Date: 12 May 2000
Click here for printable version
Click here for PGP verifiable version
-----BEGIN PGP SIGNED MESSAGE-----
===========================================================================
AUSCERT External Security Bulletin Redistribution
ESB-2000.090 -- FreeBSD-SA-00:17
Buffer overflow in libmytinfo may yield increased
privileges with third-party software.
12 May 2000
===========================================================================
AusCERT Security Bulletin Summary
---------------------------------
Product: libmytinfo
Vendor: FreeBSD
Operating System: FreeBSD 3.x
Platform: N/A
Impact: Root Compromise
Access Required: Local
- --------------------------BEGIN INCLUDED TEXT--------------------
- -----BEGIN PGP SIGNED MESSAGE-----
=============================================================================
FreeBSD-SA-00:17 Security Advisory
FreeBSD, Inc.
Topic: Buffer overflow in libmytinfo may yield increased
privileges with third-party software.
Category: core
Module: libmytinfo
Announced: 2000-05-09
Affects: FreeBSD 3.x before the correction date.
Corrected: 2000-04-25
FreeBSD only: Yes
Patches: ftp://ftp.freebsd.org/pub/FreeBSD/CERT/patches/SA-00:17/libmytinfo.patch
I. Background
libmytinfo is part of ncurses, a text-mode display library.
II. Problem Description
libmytinfo allows users to specify an alternate termcap file or entry
via the TERMCAP environment variable, however this is not handled
securely and contains a overflowable buffer inside the library.

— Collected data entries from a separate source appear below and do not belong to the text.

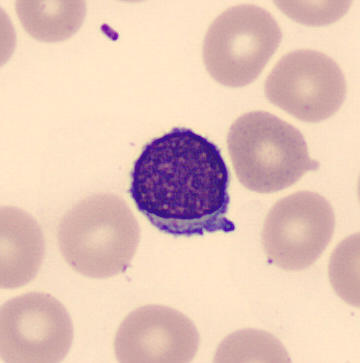 Acquisition: Peripheral blood smear.
Morphological class — typical lymphocyte.
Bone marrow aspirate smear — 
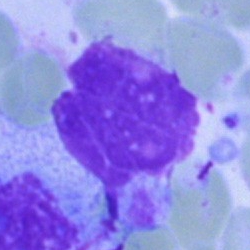
This is an artifact.
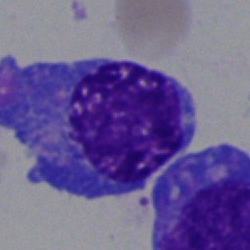
This is a nucleated red cell.
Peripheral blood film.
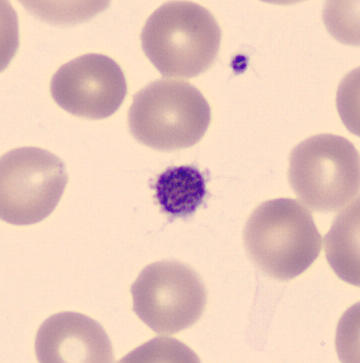Morphological class = platelet.
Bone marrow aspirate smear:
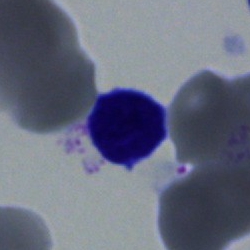

Impression — typical lymphocyte.
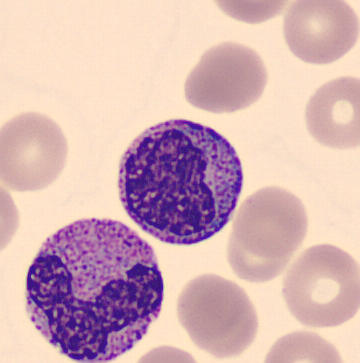

Classification = myelocyte. Acquisition: Peripheral blood smear.
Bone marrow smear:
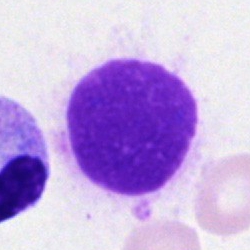Morphology consistent with an artifact.
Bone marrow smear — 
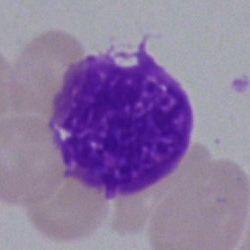
An artefact.
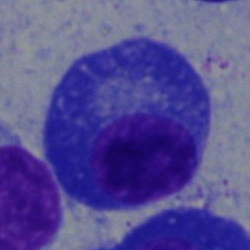
A plasmacyte.
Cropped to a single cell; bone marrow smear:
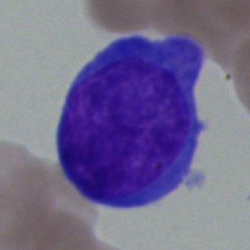

Specimen: bone marrow aspirate smear.
Cell type: undifferentiated blast.
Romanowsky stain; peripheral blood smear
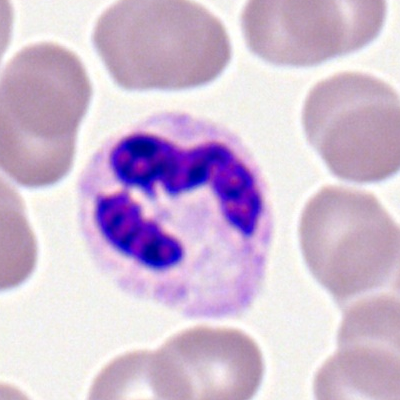

Q: What is the morphological classification of this cell?
A: This is a polymorphonuclear neutrophil.
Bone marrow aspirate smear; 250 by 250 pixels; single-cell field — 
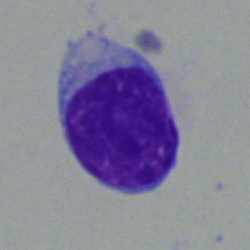Specimen: bone marrow smear.
Morphological class: typical lymphocyte.
Lineage: lymphoid.
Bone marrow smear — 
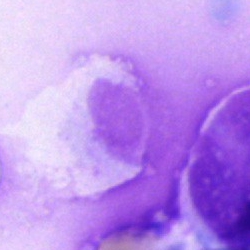
Cell type: artifact.
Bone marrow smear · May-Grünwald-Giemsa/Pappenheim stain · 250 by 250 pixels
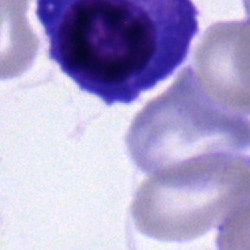 Morphology — plasma cell.
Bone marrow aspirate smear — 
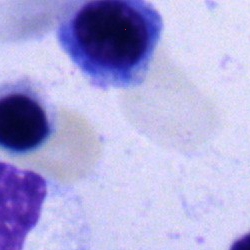Q: What is shown here?
A: It is a nucleated red cell.

This is a security vulnerability for binaries which are linked against
libmytinfo and which are setuid or setgid (i.e. run with elevated
privileges). It may also be a vulnerability in other more obscure
situations where a user can exert control over the environment with
which an ncurses binary is run by another user.
FreeBSD 3.x and earlier versions use a very old, customized version of
ncurses which is difficult to update without breaking
backwards-compatibility. The update was made for FreeBSD 4.0, but it
is unlikely that 3.x will be updated. However, the ncurses source is
currently being audited for further vulnerabilities.
III. Impact
Certain setuid/setgid third-party software (including FreeBSD
ports/packages) may be vulnerable to a local exploit yielding
privileged resources, such as network sockets, privileged filesystem
access, or outright privileged shell access (including root access).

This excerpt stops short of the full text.